This vanity, madam, makes you one of the most remarkable egotists that I have ever known; whatever is defective in the character of others, is generally reproved by telling the company how careful you have been to guard against it! And whatever is commendable, you inform us, and often without any mystery, that you are a bright example of! Though you frequently mention former mistakes, it is only as a decent kind of preface, by which you may introduce a declaration of your being grown wiser than you formerly were! Indeed nothing is easier than to accuse, or even to insult former Self, if present Self may but receive an accession of honour. The inconveniences of this figure of speech are obvious enough, but there is one happy effect attending it, which people are not sufficiently sensible of I mean that, by this means, vanity often talks itself into a consumption; for it effectually stops the mouths of others who would be ready to praise us, if we would leave the work to their care; or it produces such direct compliments as are tantamount to the keenest stabs of satire, and so are poisons to our vanity, rather than its food.

An excess of jealousy is another imperfection which I have often observed in you as well as in myself; by which I mean only a disposition to be very much displeased with trifles which are not worth regarding at all. This, in a lady of so much good sense, is peculiarly remarkable, and an illnatured world will be ready to gather arguments from every brighter part of your character to strengthen and aggravate this defect.

The natural consequence of this morbid sensibility is a readiness to express the displeasure which arises upon mere trifles by fretful and impatient speeches. With due submission, madam, I think you are peculiarly obliged to be upon your guard against this, because I hardly know any body whose temper inclines them more keenly to resent any thing that looks like peevishness in others. Now it is obvious, that if we cannot bear such kind of speeches, the best way to avoid hearing them is to take care never to indulge in them ourselves.

Upon this occasion, madam, I must observe, that you have often displayed your wisdom in an instance wherein mine constantly fails me. When you have said a hasty thing, and another answers with some smartness, you have known how, if not entirely to keep your own temper, which is by no means in your own power, yet at least to smother that resentment which would naturally arise upon such a provocation.

But, even while you are attempting this, your prudence does sometimes remarkably fail you, for

you cannot forbear triumphing over your antagonist by saying that he is hot and fierce, and that you will not talk any more because he cannot bear it! This, madam, may be very true, but yet you know it is more provoking than any thing that you could say; because it is glorying in your own superior wisdom, at the same time that you are exposing the imperfection of his temper in an important instance. However, you will have this consolation, that the rest of the company will perceive you are a sharer in the imperfection, though you do not know it, for they will naturally conclude, that if you were not very angry, you would not have taken so unseasonable a time for reproving him.

Another particular is, that though you seem to take a reproof with more patience and thankfulness than any person of your temper, that I ever met with in the whole course of my acquaintance, yet you sometimes attempt to defend, or at least to excuse yourself, by charging the same failure upon the person who blames you.
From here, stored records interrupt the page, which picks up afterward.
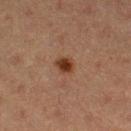| feature | finding |
|---|---|
| acquisition | ~15 mm crop, total-body skin-cancer survey |
| site | the right thigh |
| size | ~2.5 mm (longest diameter) |
| subject | female, aged around 40 |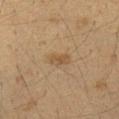workup = imaged on a skin check; not biopsied
lesion size = about 2.5 mm
acquisition = total-body-photography crop, ~15 mm field of view
illumination = cross-polarized illumination
body site = the left upper arm
patient = female, in their 40s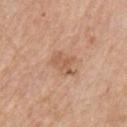Case summary:
- workup — no biopsy performed (imaged during a skin exam)
- body site — the right upper arm
- acquisition — total-body-photography crop, ~15 mm field of view
- diameter — about 3.5 mm
- patient — male, about 65 years old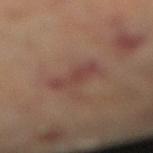Notes:
- workup: total-body-photography surveillance lesion; no biopsy
- illumination: cross-polarized illumination
- patient: female, in their mid- to late 60s
- lesion diameter: about 4.5 mm
- image-analysis metrics: a lesion color around L≈40 a*≈21 b*≈22 in CIELAB and a lesion–skin lightness drop of about 7; a border-irregularity index near 4.5/10 and a color-variation rating of about 1/10
- imaging modality: ~15 mm crop, total-body skin-cancer survey
- location: the left leg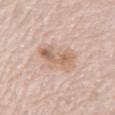{"biopsy_status": "not biopsied; imaged during a skin examination", "lesion_size": {"long_diameter_mm_approx": 4.5}, "image": {"source": "total-body photography crop", "field_of_view_mm": 15}, "lighting": "white-light", "site": "front of the torso", "patient": {"sex": "male", "age_approx": 80}}
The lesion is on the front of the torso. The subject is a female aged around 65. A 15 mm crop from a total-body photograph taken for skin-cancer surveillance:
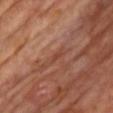The lesion was biopsied, and histopathology showed an actinic keratosis (borderline).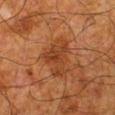biopsy status = no biopsy performed (imaged during a skin exam)
acquisition = ~15 mm tile from a whole-body skin photo
TBP lesion metrics = a mean CIELAB color near L≈31 a*≈21 b*≈30 and a lesion–skin lightness drop of about 7
body site = the left lower leg
diameter = ≈5 mm
patient = male, approximately 80 years of age
illumination = cross-polarized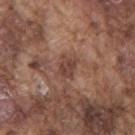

Methinks, madam, you should not stoop so low, unless it were to serve a particular friend; nay, even to such a one I would not repeat such a condescension, for it is natural to imagine that reproofs which are given at such a time proceed from spleen and pride, rather than from wisdom and love; and then it is odds but your friend entirely despises your remarks, at least it is certain he will not think himself at all obliged to you for them.

Once more, madam, when you have contracted an aversion to any person, you are admirably ingenious

in giving the most unlucky turn in the world to every thing that he says or does, and you are apt to allow yourself the liberty of censuring his character with the utmost severity. If such remarks come to the ear of a person who has the misfortune to fall under your displeasure, it certainly provokes him, and makes him your determined enemy.

In the mean time, is not a negligent egotism the least agreeable way of entertaining a company which a lady of so much religion and good sense could possibly invent? Besides, when people imagine that your temper inclines you to aggravate faults to an excess, they will have the less regard for your judgment in those censures which are really equitable and rational.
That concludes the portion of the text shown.